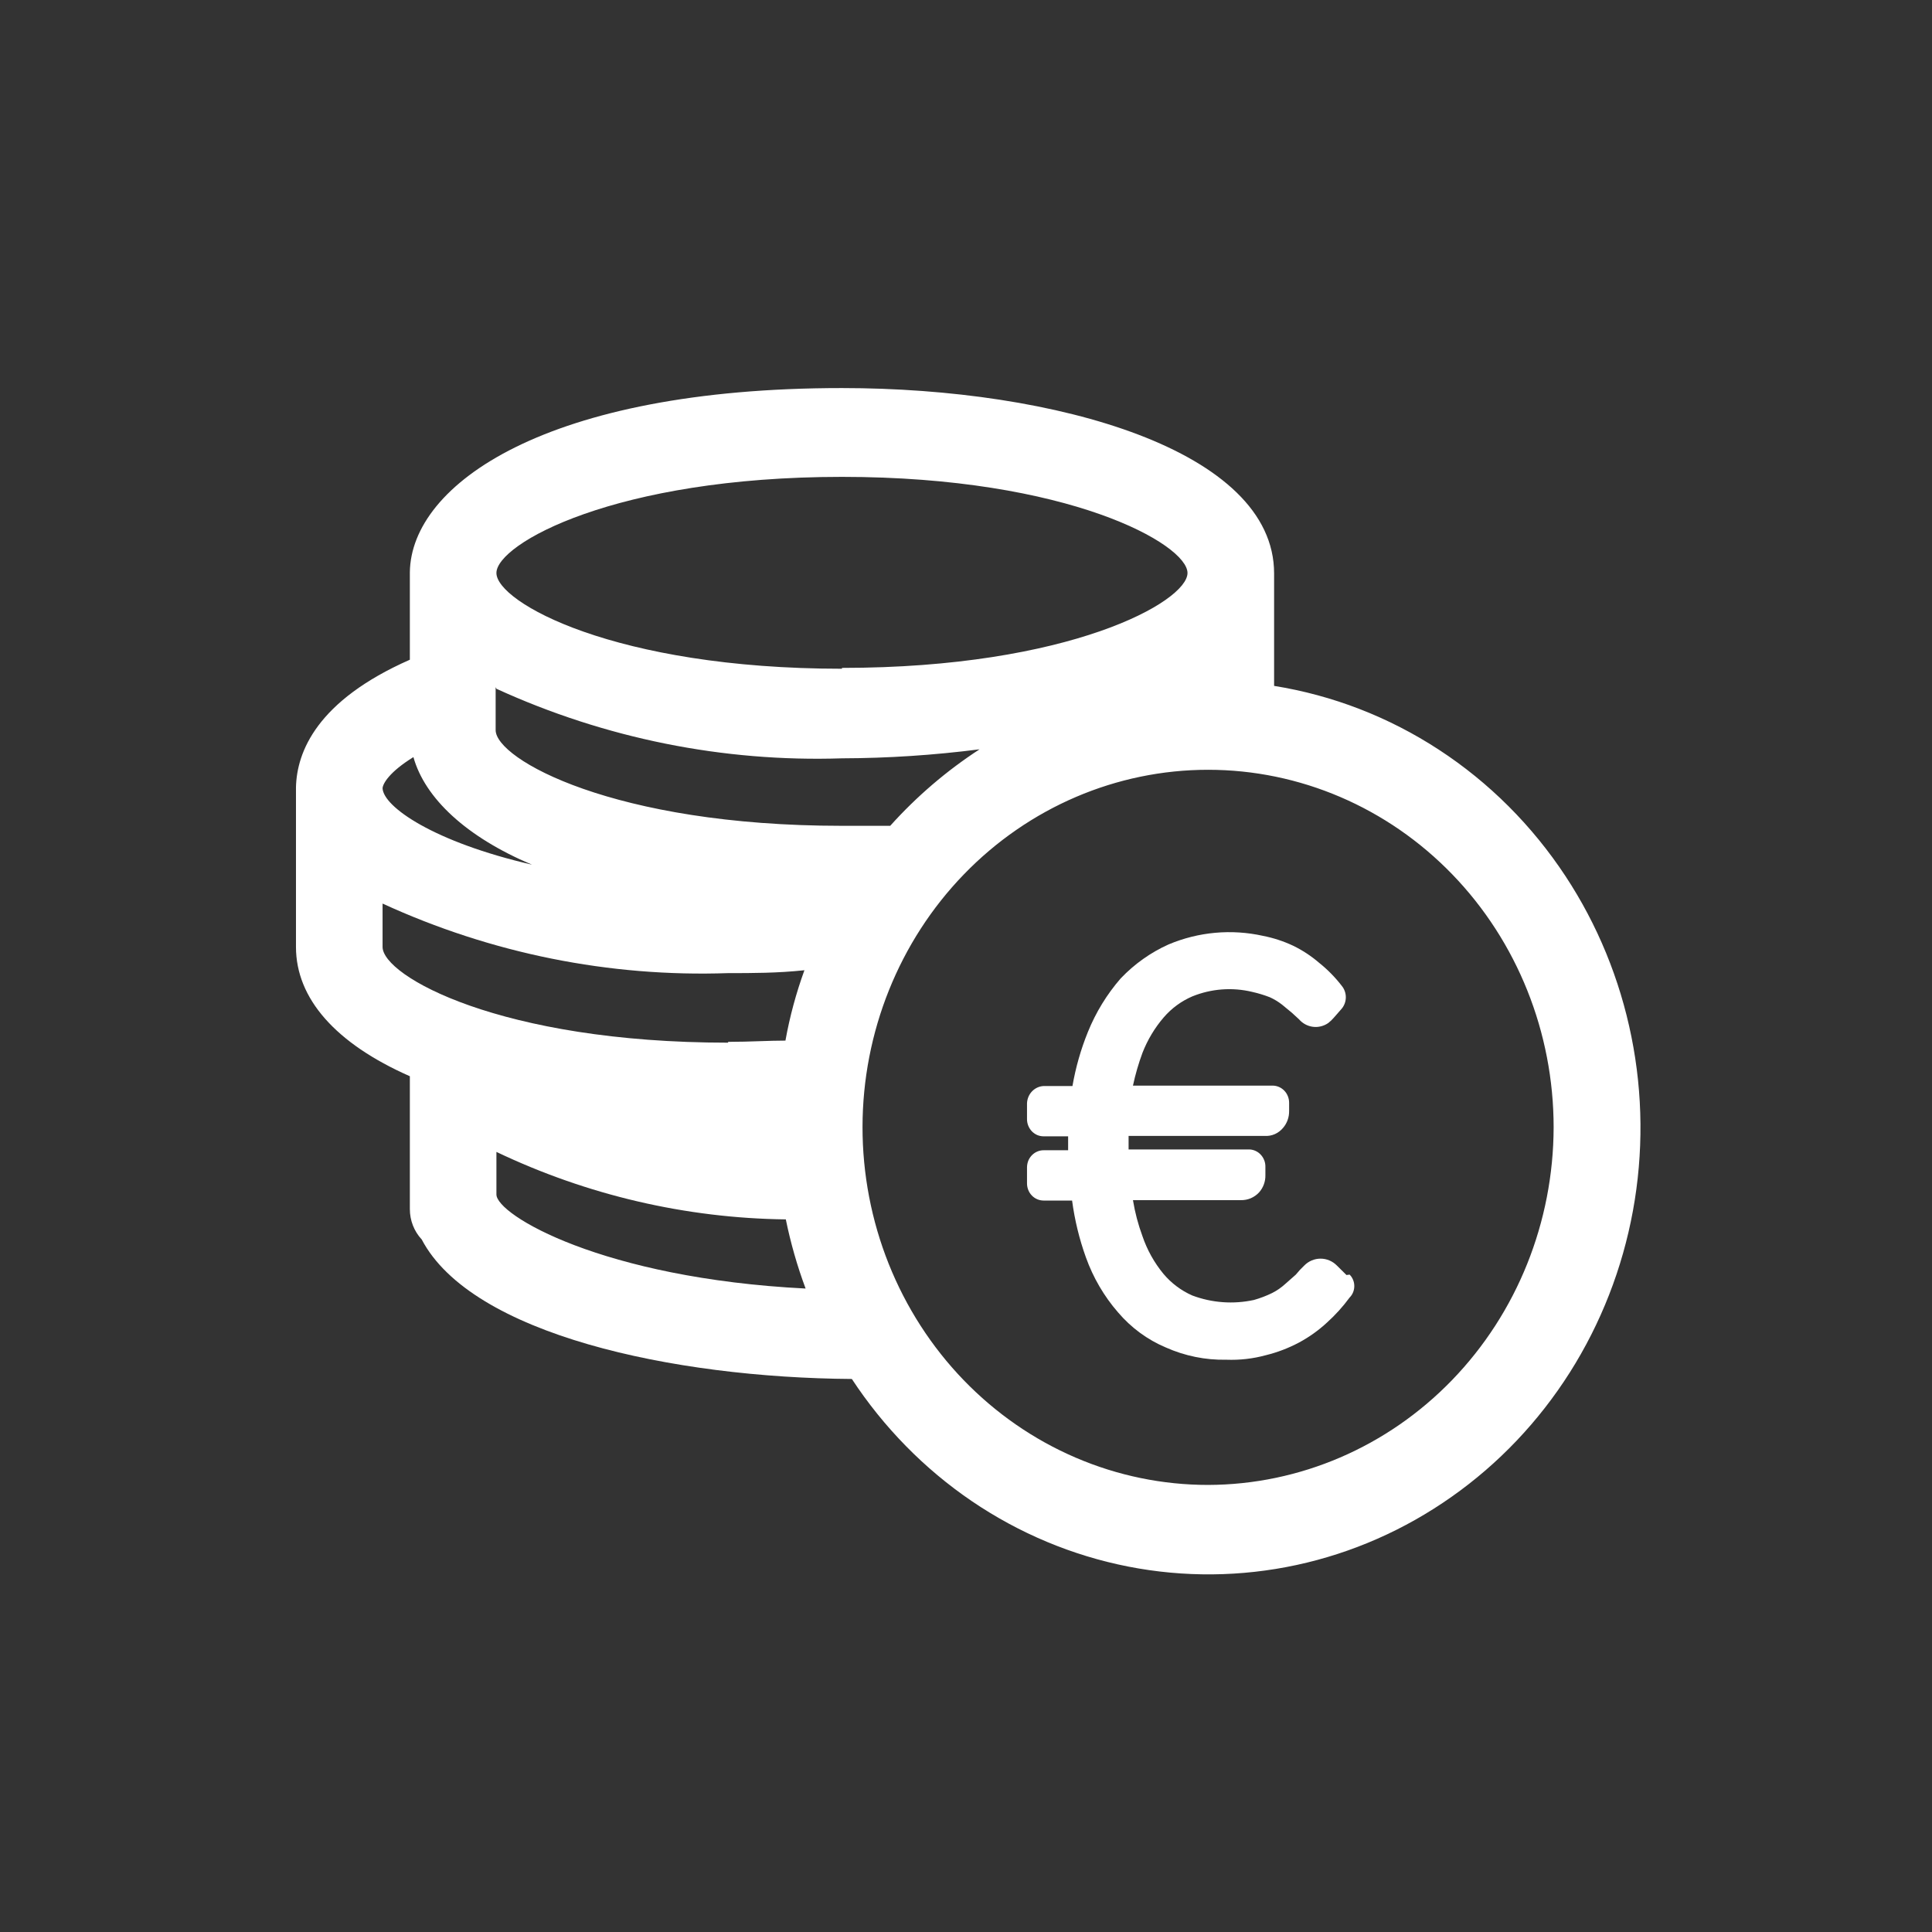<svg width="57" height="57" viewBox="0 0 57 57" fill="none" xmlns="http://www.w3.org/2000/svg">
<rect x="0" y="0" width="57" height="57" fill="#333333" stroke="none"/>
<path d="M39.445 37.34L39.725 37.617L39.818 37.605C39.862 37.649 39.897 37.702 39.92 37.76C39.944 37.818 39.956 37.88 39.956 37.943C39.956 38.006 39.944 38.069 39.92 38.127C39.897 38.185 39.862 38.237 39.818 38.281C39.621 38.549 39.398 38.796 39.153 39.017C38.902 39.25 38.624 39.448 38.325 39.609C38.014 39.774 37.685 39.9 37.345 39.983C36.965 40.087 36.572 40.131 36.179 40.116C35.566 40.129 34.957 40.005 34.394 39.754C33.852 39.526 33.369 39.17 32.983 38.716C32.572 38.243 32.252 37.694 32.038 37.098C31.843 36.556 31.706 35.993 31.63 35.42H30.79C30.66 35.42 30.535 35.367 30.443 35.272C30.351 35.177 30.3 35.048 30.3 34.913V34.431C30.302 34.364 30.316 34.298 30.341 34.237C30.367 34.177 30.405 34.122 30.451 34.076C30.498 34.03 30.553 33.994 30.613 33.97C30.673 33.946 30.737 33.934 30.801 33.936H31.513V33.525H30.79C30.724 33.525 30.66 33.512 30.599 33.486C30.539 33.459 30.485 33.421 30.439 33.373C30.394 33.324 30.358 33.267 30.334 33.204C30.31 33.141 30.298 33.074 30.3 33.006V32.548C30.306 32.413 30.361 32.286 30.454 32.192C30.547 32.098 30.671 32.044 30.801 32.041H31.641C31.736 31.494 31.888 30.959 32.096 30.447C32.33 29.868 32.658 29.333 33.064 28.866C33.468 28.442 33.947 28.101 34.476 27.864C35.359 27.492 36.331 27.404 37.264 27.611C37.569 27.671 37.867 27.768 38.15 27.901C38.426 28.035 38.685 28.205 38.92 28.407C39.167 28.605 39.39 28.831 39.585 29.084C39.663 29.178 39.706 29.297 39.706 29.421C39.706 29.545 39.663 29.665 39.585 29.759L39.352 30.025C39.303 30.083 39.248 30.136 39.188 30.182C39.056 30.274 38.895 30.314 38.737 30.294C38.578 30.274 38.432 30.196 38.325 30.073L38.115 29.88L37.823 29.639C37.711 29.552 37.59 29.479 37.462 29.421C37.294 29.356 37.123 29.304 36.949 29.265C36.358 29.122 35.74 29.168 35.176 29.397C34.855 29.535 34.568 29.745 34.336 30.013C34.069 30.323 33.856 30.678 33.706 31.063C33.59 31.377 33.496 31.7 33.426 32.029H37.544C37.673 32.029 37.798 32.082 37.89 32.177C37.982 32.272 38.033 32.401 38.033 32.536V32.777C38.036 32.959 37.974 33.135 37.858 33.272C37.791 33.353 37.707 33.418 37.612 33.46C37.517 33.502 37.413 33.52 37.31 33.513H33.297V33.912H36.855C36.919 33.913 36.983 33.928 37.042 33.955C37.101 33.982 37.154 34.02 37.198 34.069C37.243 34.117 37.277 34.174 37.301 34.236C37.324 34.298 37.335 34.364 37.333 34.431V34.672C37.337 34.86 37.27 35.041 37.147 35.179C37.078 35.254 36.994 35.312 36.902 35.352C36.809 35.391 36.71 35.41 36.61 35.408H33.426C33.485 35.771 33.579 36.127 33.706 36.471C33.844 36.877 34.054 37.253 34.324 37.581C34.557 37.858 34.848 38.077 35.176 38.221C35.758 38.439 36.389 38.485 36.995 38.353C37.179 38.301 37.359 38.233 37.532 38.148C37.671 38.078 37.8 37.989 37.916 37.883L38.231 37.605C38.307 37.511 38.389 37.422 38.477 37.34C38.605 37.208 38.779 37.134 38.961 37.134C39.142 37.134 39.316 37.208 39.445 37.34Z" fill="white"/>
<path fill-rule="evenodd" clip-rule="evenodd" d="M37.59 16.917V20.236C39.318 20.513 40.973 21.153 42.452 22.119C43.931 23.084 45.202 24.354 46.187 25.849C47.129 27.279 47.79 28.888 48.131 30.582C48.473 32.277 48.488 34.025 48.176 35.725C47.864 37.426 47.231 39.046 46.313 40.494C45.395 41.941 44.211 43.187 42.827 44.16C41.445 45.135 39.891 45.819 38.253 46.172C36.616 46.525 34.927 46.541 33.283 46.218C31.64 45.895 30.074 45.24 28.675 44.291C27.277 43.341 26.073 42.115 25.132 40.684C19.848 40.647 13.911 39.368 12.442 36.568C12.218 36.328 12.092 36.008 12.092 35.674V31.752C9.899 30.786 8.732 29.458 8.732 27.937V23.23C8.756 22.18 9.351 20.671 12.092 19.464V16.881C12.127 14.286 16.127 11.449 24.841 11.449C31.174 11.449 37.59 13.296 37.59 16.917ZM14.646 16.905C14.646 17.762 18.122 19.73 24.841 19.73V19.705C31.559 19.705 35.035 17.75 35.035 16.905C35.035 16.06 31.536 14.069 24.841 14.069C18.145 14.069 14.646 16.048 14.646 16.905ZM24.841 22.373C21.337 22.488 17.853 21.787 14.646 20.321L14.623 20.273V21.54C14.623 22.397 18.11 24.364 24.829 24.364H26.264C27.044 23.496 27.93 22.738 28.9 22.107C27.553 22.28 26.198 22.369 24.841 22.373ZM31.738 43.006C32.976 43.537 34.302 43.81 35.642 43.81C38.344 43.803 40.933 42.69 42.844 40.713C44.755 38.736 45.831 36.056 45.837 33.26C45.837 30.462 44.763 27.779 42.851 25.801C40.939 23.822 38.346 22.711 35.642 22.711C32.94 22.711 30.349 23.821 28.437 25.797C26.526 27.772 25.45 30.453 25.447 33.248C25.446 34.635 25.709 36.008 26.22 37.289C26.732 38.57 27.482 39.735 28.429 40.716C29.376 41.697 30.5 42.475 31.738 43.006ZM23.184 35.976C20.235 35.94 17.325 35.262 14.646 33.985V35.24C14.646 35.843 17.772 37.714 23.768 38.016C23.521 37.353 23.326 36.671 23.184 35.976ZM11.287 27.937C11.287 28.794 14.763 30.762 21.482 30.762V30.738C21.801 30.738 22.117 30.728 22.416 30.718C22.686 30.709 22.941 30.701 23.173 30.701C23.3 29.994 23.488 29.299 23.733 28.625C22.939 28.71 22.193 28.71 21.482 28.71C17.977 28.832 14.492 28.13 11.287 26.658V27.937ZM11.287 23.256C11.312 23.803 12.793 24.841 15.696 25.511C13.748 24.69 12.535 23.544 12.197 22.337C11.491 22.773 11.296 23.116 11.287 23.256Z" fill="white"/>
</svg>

-------

» **TASK REQUIREMENTS**: Whatever pictures the entries contain, omit them, and write the rest out exactly.

» **EXERCISE ANSWER**:
<svg width="57" height="57" viewBox="0 0 57 57" fill="none" xmlns="http://www.w3.org/2000/svg">
<rect x="0" y="0" width="57" height="57" fill="#333333" stroke="none"/>
<path d="M39.445 37.34L39.725 37.617L39.818 37.605C39.862 37.649 39.897 37.702 39.92 37.76C39.944 37.818 39.956 37.88 39.956 37.943C39.956 38.006 39.944 38.069 39.92 38.127C39.897 38.185 39.862 38.237 39.818 38.281C39.621 38.549 39.398 38.796 39.153 39.017C38.902 39.25 38.624 39.448 38.325 39.609C38.014 39.774 37.685 39.9 37.345 39.983C36.965 40.087 36.572 40.131 36.179 40.116C35.566 40.129 34.957 40.005 34.394 39.754C33.852 39.526 33.369 39.17 32.983 38.716C32.572 38.243 32.252 37.694 32.038 37.098C31.843 36.556 31.706 35.993 31.63 35.42H30.79C30.66 35.42 30.535 35.367 30.443 35.272C30.351 35.177 30.3 35.048 30.3 34.913V34.431C30.302 34.364 30.316 34.298 30.341 34.237C30.367 34.177 30.405 34.122 30.451 34.076C30.498 34.03 30.553 33.994 30.613 33.97C30.673 33.946 30.737 33.934 30.801 33.936H31.513V33.525H30.79C30.724 33.525 30.66 33.512 30.599 33.486C30.539 33.459 30.485 33.421 30.439 33.373C30.394 33.324 30.358 33.267 30.334 33.204C30.31 33.141 30.298 33.074 30.3 33.006V32.548C30.306 32.413 30.361 32.286 30.454 32.192C30.547 32.098 30.671 32.044 30.801 32.041H31.641C31.736 31.494 31.888 30.959 32.096 30.447C32.33 29.868 32.658 29.333 33.064 28.866C33.468 28.442 33.947 28.101 34.476 27.864C35.359 27.492 36.331 27.404 37.264 27.611C37.569 27.671 37.867 27.768 38.15 27.901C38.426 28.035 38.685 28.205 38.92 28.407C39.167 28.605 39.39 28.831 39.585 29.084C39.663 29.178 39.706 29.297 39.706 29.421C39.706 29.545 39.663 29.665 39.585 29.759L39.352 30.025C39.303 30.083 39.248 30.136 39.188 30.182C39.056 30.274 38.895 30.314 38.737 30.294C38.578 30.274 38.432 30.196 38.325 30.073L38.115 29.88L37.823 29.639C37.711 29.552 37.59 29.479 37.462 29.421C37.294 29.356 37.123 29.304 36.949 29.265C36.358 29.122 35.74 29.168 35.176 29.397C34.855 29.535 34.568 29.745 34.336 30.013C34.069 30.323 33.856 30.678 33.706 31.063C33.59 31.377 33.496 31.7 33.426 32.029H37.544C37.673 32.029 37.798 32.082 37.89 32.177C37.982 32.272 38.033 32.401 38.033 32.536V32.777C38.036 32.959 37.974 33.135 37.858 33.272C37.791 33.353 37.707 33.418 37.612 33.46C37.517 33.502 37.413 33.52 37.31 33.513H33.297V33.912H36.855C36.919 33.913 36.983 33.928 37.042 33.955C37.101 33.982 37.154 34.02 37.198 34.069C37.243 34.117 37.277 34.174 37.301 34.236C37.324 34.298 37.335 34.364 37.333 34.431V34.672C37.337 34.86 37.27 35.041 37.147 35.179C37.078 35.254 36.994 35.312 36.902 35.352C36.809 35.391 36.71 35.41 36.61 35.408H33.426C33.485 35.771 33.579 36.127 33.706 36.471C33.844 36.877 34.054 37.253 34.324 37.581C34.557 37.858 34.848 38.077 35.176 38.221C35.758 38.439 36.389 38.485 36.995 38.353C37.179 38.301 37.359 38.233 37.532 38.148C37.671 38.078 37.8 37.989 37.916 37.883L38.231 37.605C38.307 37.511 38.389 37.422 38.477 37.34C38.605 37.208 38.779 37.134 38.961 37.134C39.142 37.134 39.316 37.208 39.445 37.34Z" fill="white"/>
<path fill-rule="evenodd" clip-rule="evenodd" d="M37.59 16.917V20.236C39.318 20.513 40.973 21.153 42.452 22.119C43.931 23.084 45.202 24.354 46.187 25.849C47.129 27.279 47.79 28.888 48.131 30.582C48.473 32.277 48.488 34.025 48.176 35.725C47.864 37.426 47.231 39.046 46.313 40.494C45.395 41.941 44.211 43.187 42.827 44.16C41.445 45.135 39.891 45.819 38.253 46.172C36.616 46.525 34.927 46.541 33.283 46.218C31.64 45.895 30.074 45.24 28.675 44.291C27.277 43.341 26.073 42.115 25.132 40.684C19.848 40.647 13.911 39.368 12.442 36.568C12.218 36.328 12.092 36.008 12.092 35.674V31.752C9.899 30.786 8.732 29.458 8.732 27.937V23.23C8.756 22.18 9.351 20.671 12.092 19.464V16.881C12.127 14.286 16.127 11.449 24.841 11.449C31.174 11.449 37.59 13.296 37.59 16.917ZM14.646 16.905C14.646 17.762 18.122 19.73 24.841 19.73V19.705C31.559 19.705 35.035 17.75 35.035 16.905C35.035 16.06 31.536 14.069 24.841 14.069C18.145 14.069 14.646 16.048 14.646 16.905ZM24.841 22.373C21.337 22.488 17.853 21.787 14.646 20.321L14.623 20.273V21.54C14.623 22.397 18.11 24.364 24.829 24.364H26.264C27.044 23.496 27.93 22.738 28.9 22.107C27.553 22.28 26.198 22.369 24.841 22.373ZM31.738 43.006C32.976 43.537 34.302 43.81 35.642 43.81C38.344 43.803 40.933 42.69 42.844 40.713C44.755 38.736 45.831 36.056 45.837 33.26C45.837 30.462 44.763 27.779 42.851 25.801C40.939 23.822 38.346 22.711 35.642 22.711C32.94 22.711 30.349 23.821 28.437 25.797C26.526 27.772 25.45 30.453 25.447 33.248C25.446 34.635 25.709 36.008 26.22 37.289C26.732 38.57 27.482 39.735 28.429 40.716C29.376 41.697 30.5 42.475 31.738 43.006ZM23.184 35.976C20.235 35.94 17.325 35.262 14.646 33.985V35.24C14.646 35.843 17.772 37.714 23.768 38.016C23.521 37.353 23.326 36.671 23.184 35.976ZM11.287 27.937C11.287 28.794 14.763 30.762 21.482 30.762V30.738C21.801 30.738 22.117 30.728 22.416 30.718C22.686 30.709 22.941 30.701 23.173 30.701C23.3 29.994 23.488 29.299 23.733 28.625C22.939 28.71 22.193 28.71 21.482 28.71C17.977 28.832 14.492 28.13 11.287 26.658V27.937ZM11.287 23.256C11.312 23.803 12.793 24.841 15.696 25.511C13.748 24.69 12.535 23.544 12.197 22.337C11.491 22.773 11.296 23.116 11.287 23.256Z" fill="white"/>
</svg>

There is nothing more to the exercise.